=== Begin Enclosure ===

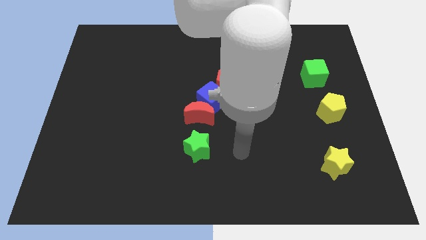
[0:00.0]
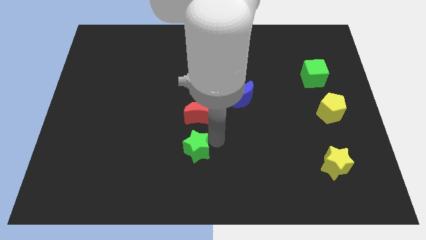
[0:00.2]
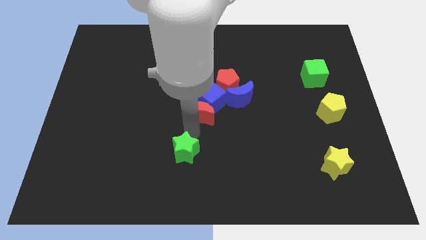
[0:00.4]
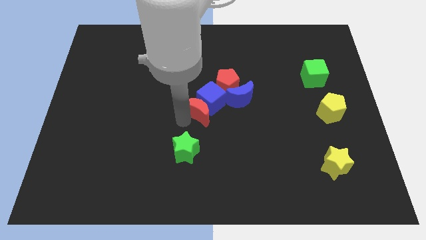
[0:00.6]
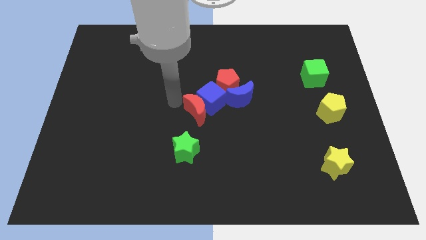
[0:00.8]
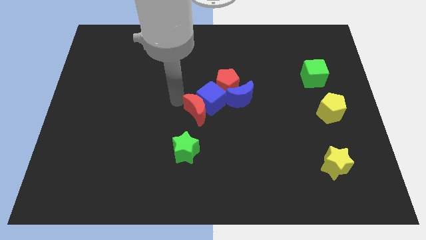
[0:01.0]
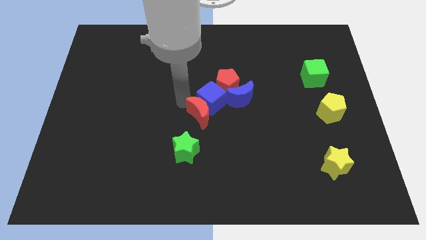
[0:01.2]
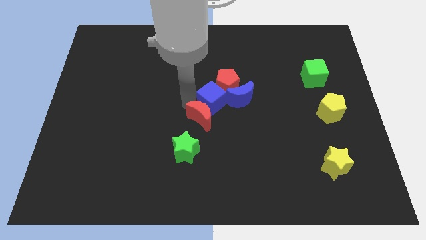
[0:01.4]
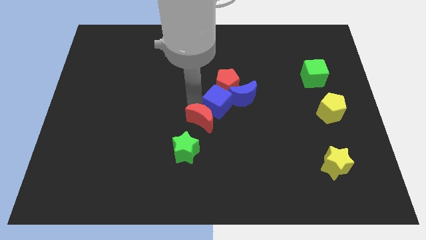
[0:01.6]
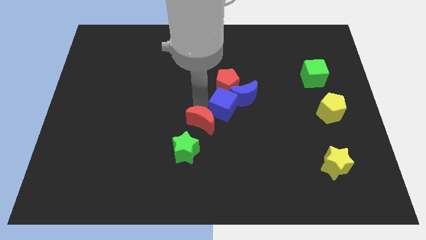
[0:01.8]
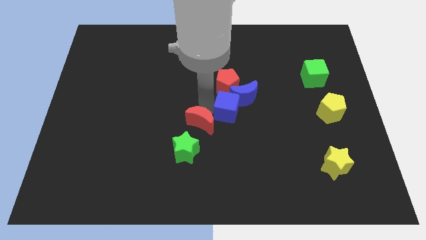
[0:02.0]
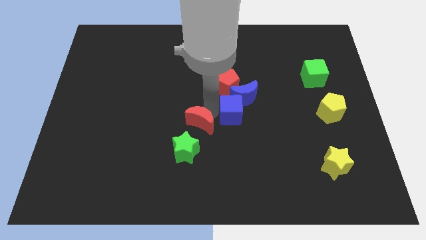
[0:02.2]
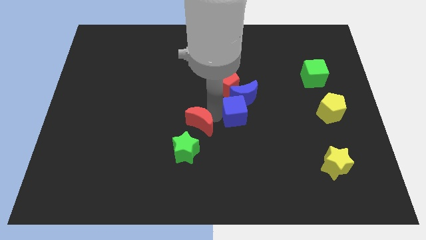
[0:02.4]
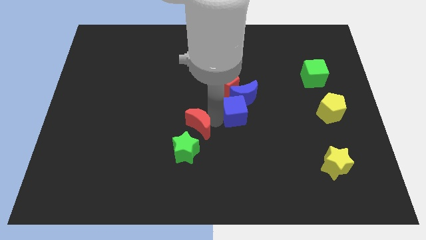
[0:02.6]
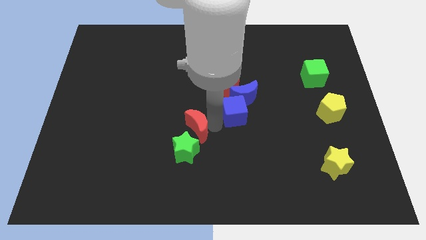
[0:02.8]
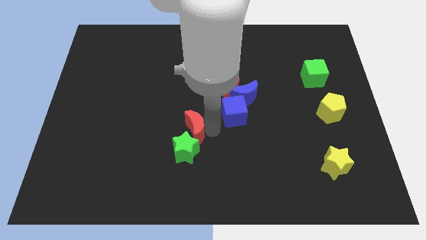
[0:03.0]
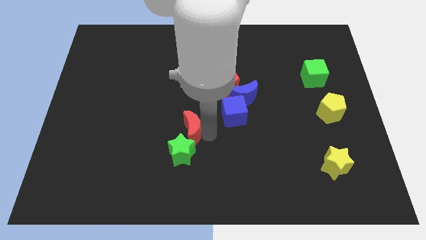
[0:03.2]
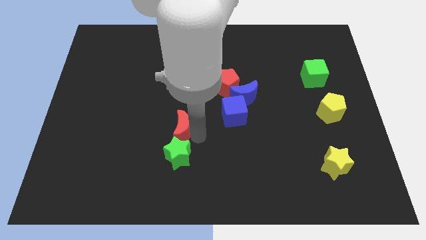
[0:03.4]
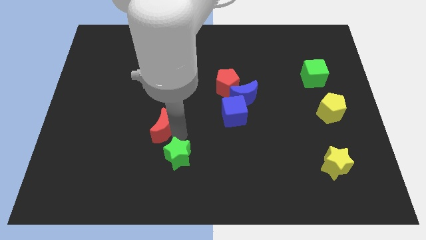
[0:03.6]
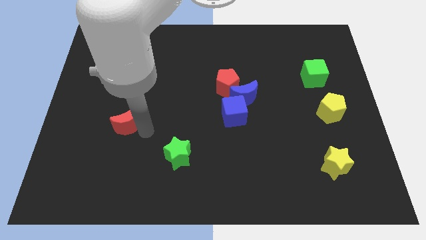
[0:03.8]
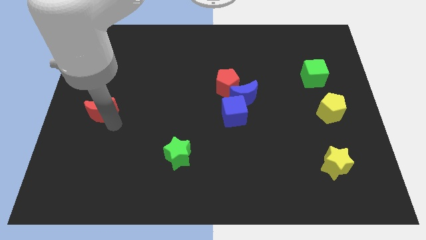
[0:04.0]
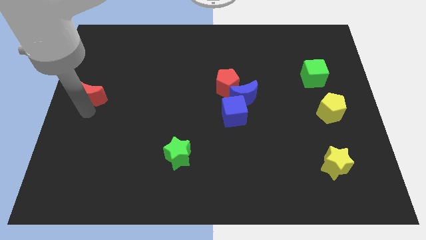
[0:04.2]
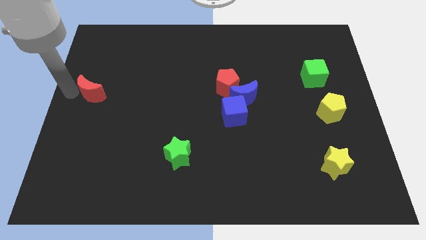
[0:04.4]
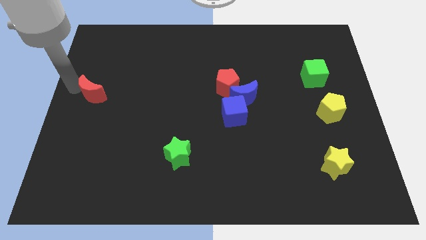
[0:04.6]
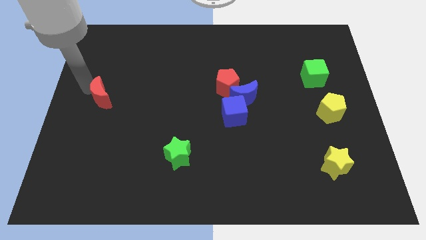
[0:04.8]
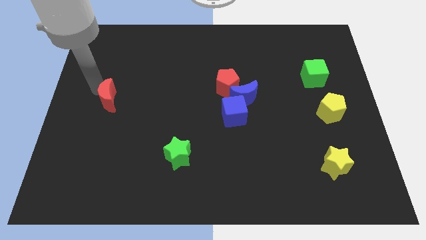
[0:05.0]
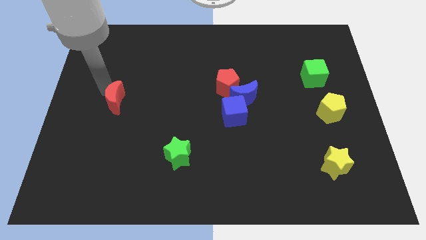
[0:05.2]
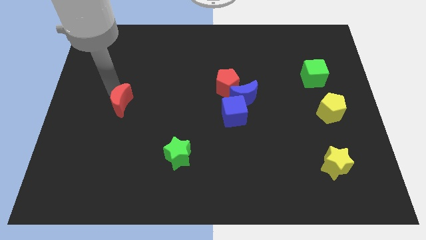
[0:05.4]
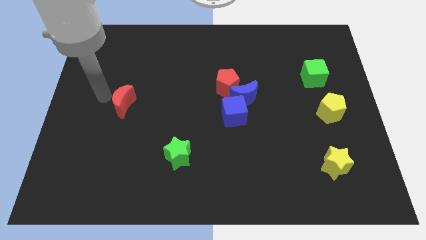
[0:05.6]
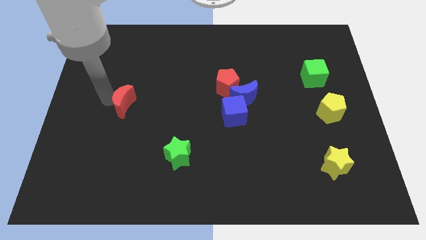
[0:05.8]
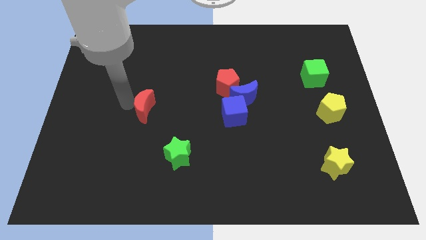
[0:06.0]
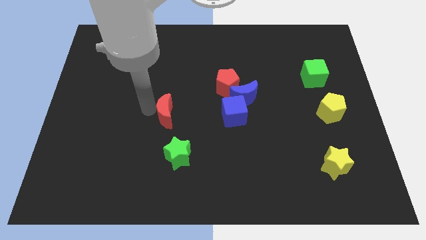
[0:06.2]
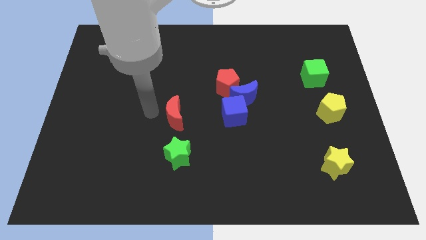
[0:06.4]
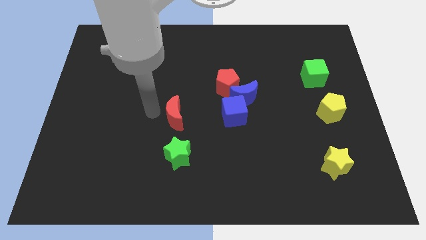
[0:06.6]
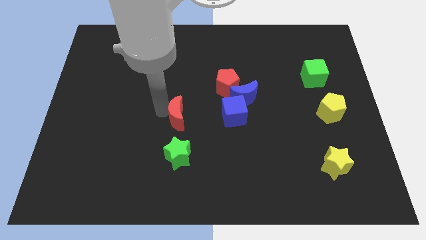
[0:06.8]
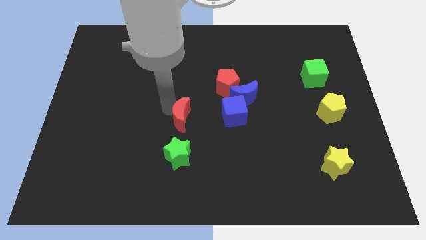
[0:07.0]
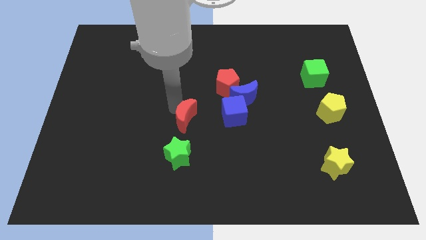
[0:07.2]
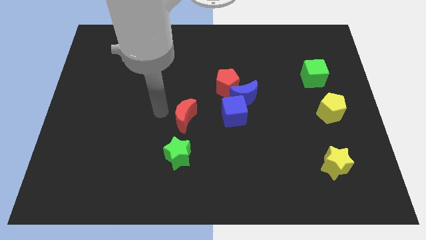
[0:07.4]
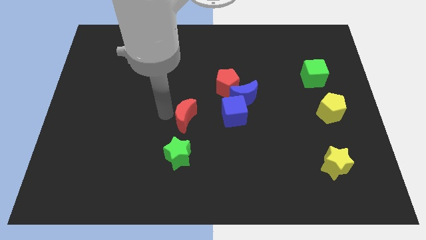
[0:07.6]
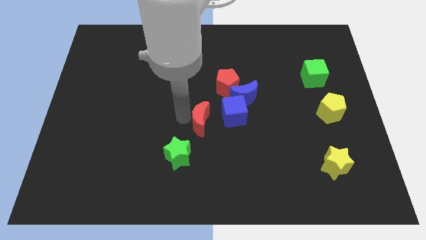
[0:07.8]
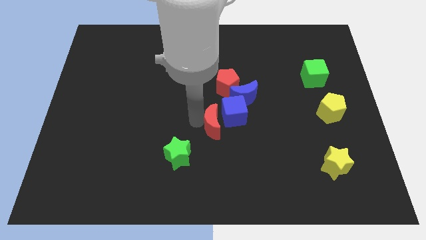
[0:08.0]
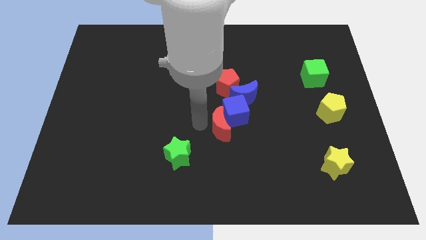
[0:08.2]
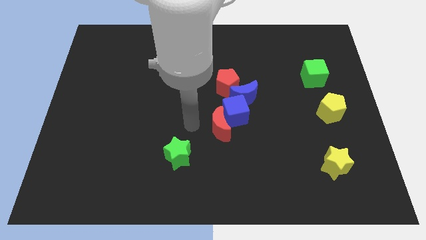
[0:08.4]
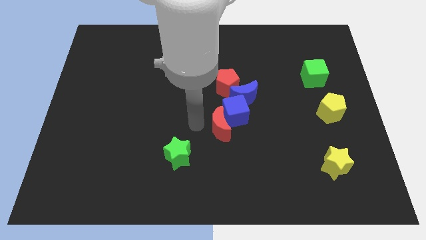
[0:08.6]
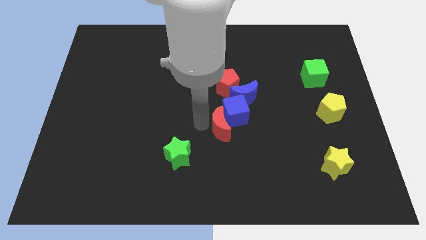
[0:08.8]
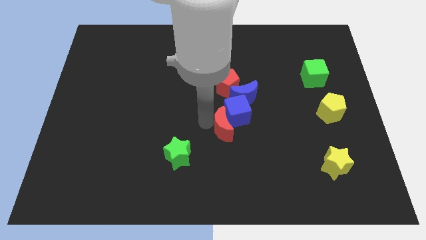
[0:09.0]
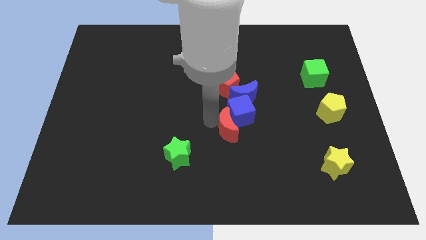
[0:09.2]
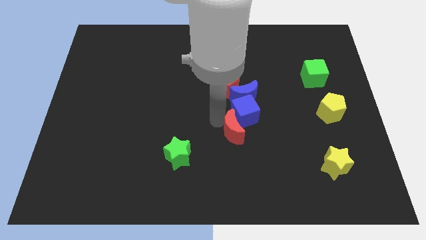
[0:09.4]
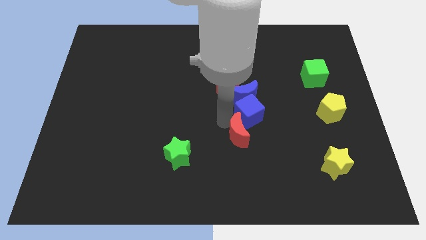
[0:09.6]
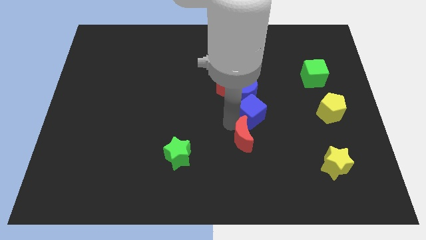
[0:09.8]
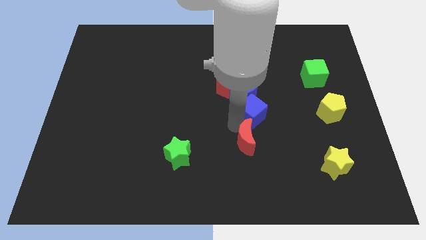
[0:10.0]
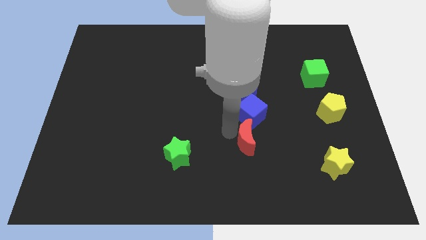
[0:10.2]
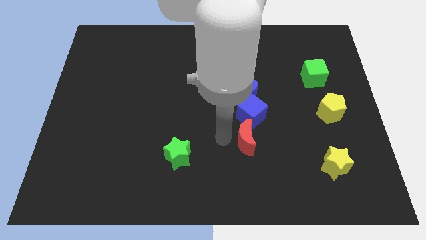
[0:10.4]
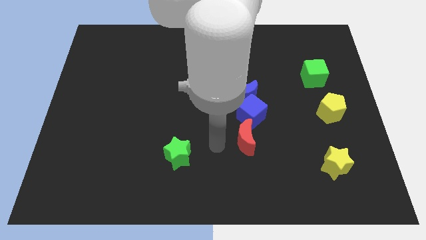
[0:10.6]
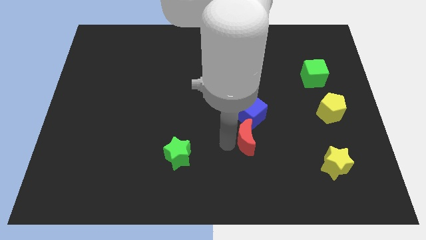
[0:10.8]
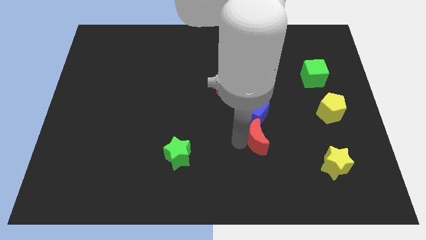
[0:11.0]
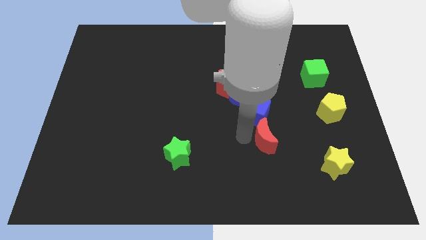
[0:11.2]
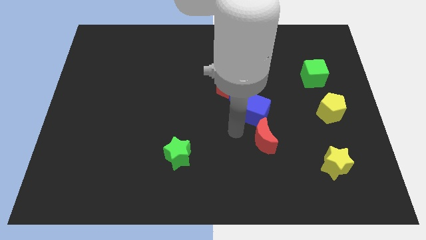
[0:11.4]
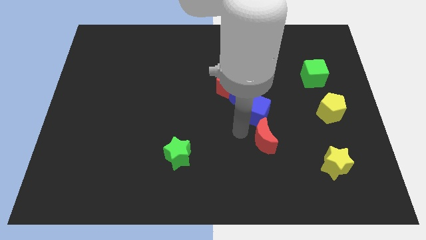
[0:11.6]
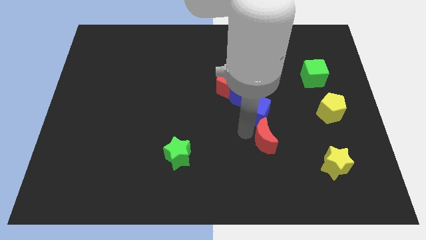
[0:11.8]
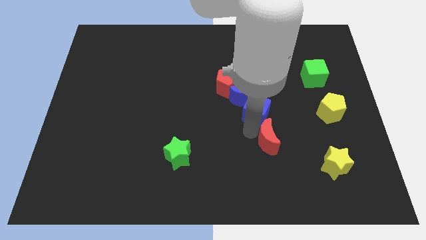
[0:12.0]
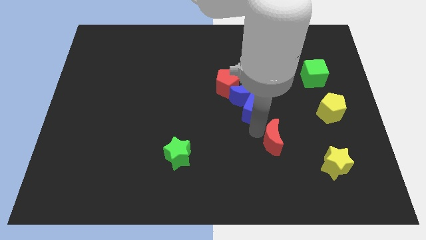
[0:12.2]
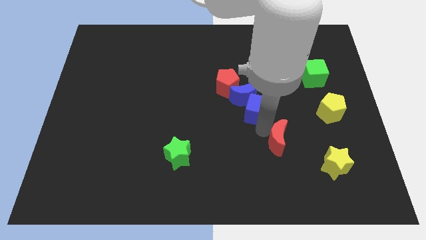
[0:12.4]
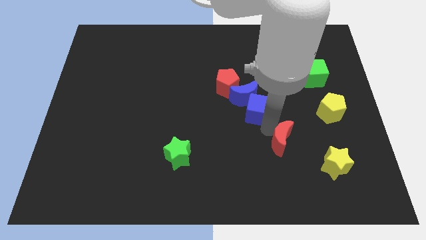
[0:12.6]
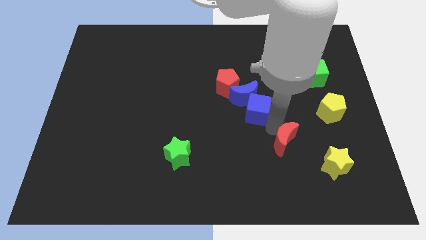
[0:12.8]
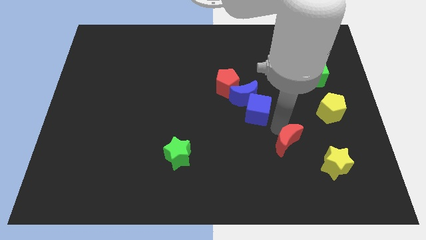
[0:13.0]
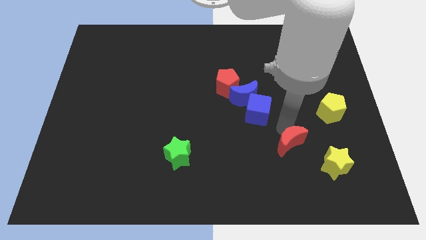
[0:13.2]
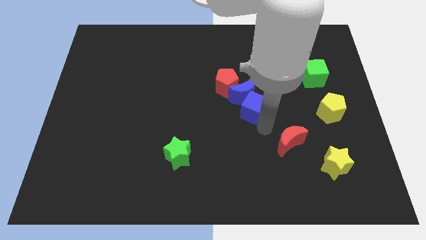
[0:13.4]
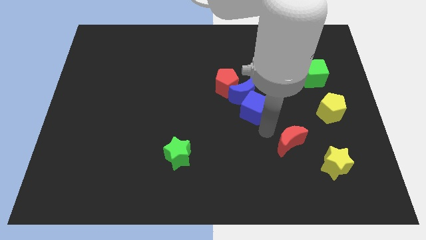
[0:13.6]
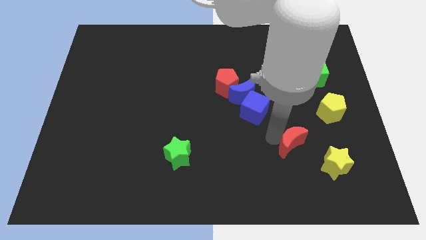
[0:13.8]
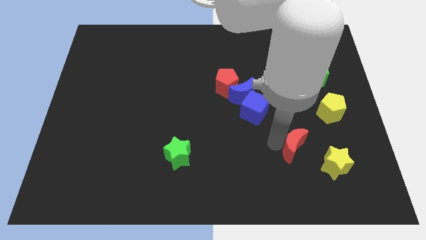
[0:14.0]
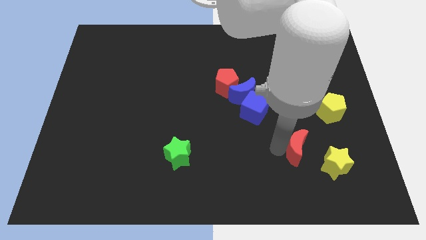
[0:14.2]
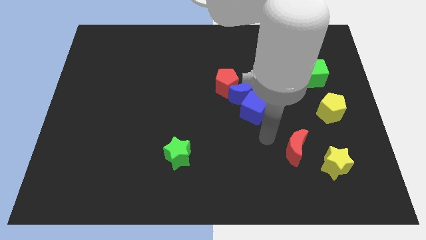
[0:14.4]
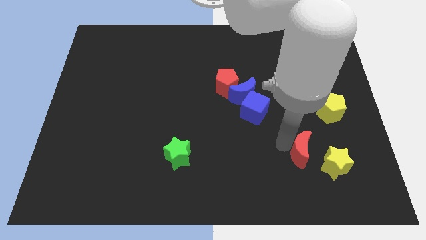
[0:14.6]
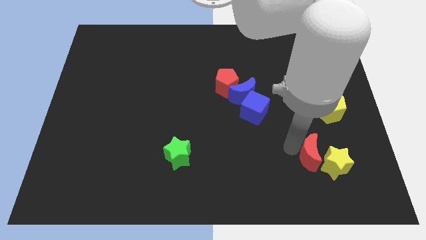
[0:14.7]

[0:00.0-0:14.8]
put the red moon close to the yellow star

=== End Enclosure ===

◆ Task prompt: Repeat the data exactly. No pictures should appear.

◆ Exercise output:
[0:00.0]
[0:00.2]
[0:00.4]
[0:00.6]
[0:00.8]
[0:01.0]
[0:01.2]
[0:01.4]
[0:01.6]
[0:01.8]
[0:02.0]
[0:02.2]
[0:02.4]
[0:02.6]
[0:02.8]
[0:03.0]
[0:03.2]
[0:03.4]
[0:03.6]
[0:03.8]
[0:04.0]
[0:04.2]
[0:04.4]
[0:04.6]
[0:04.8]
[0:05.0]
[0:05.2]
[0:05.4]
[0:05.6]
[0:05.8]
[0:06.0]
[0:06.2]
[0:06.4]
[0:06.6]
[0:06.8]
[0:07.0]
[0:07.2]
[0:07.4]
[0:07.6]
[0:07.8]
[0:08.0]
[0:08.2]
[0:08.4]
[0:08.6]
[0:08.8]
[0:09.0]
[0:09.2]
[0:09.4]
[0:09.6]
[0:09.8]
[0:10.0]
[0:10.2]
[0:10.4]
[0:10.6]
[0:10.8]
[0:11.0]
[0:11.2]
[0:11.4]
[0:11.6]
[0:11.8]
[0:12.0]
[0:12.2]
[0:12.4]
[0:12.6]
[0:12.8]
[0:13.0]
[0:13.2]
[0:13.4]
[0:13.6]
[0:13.8]
[0:14.0]
[0:14.2]
[0:14.4]
[0:14.6]
[0:14.7]

[0:00.0-0:14.8]
put the red moon close to the yellow star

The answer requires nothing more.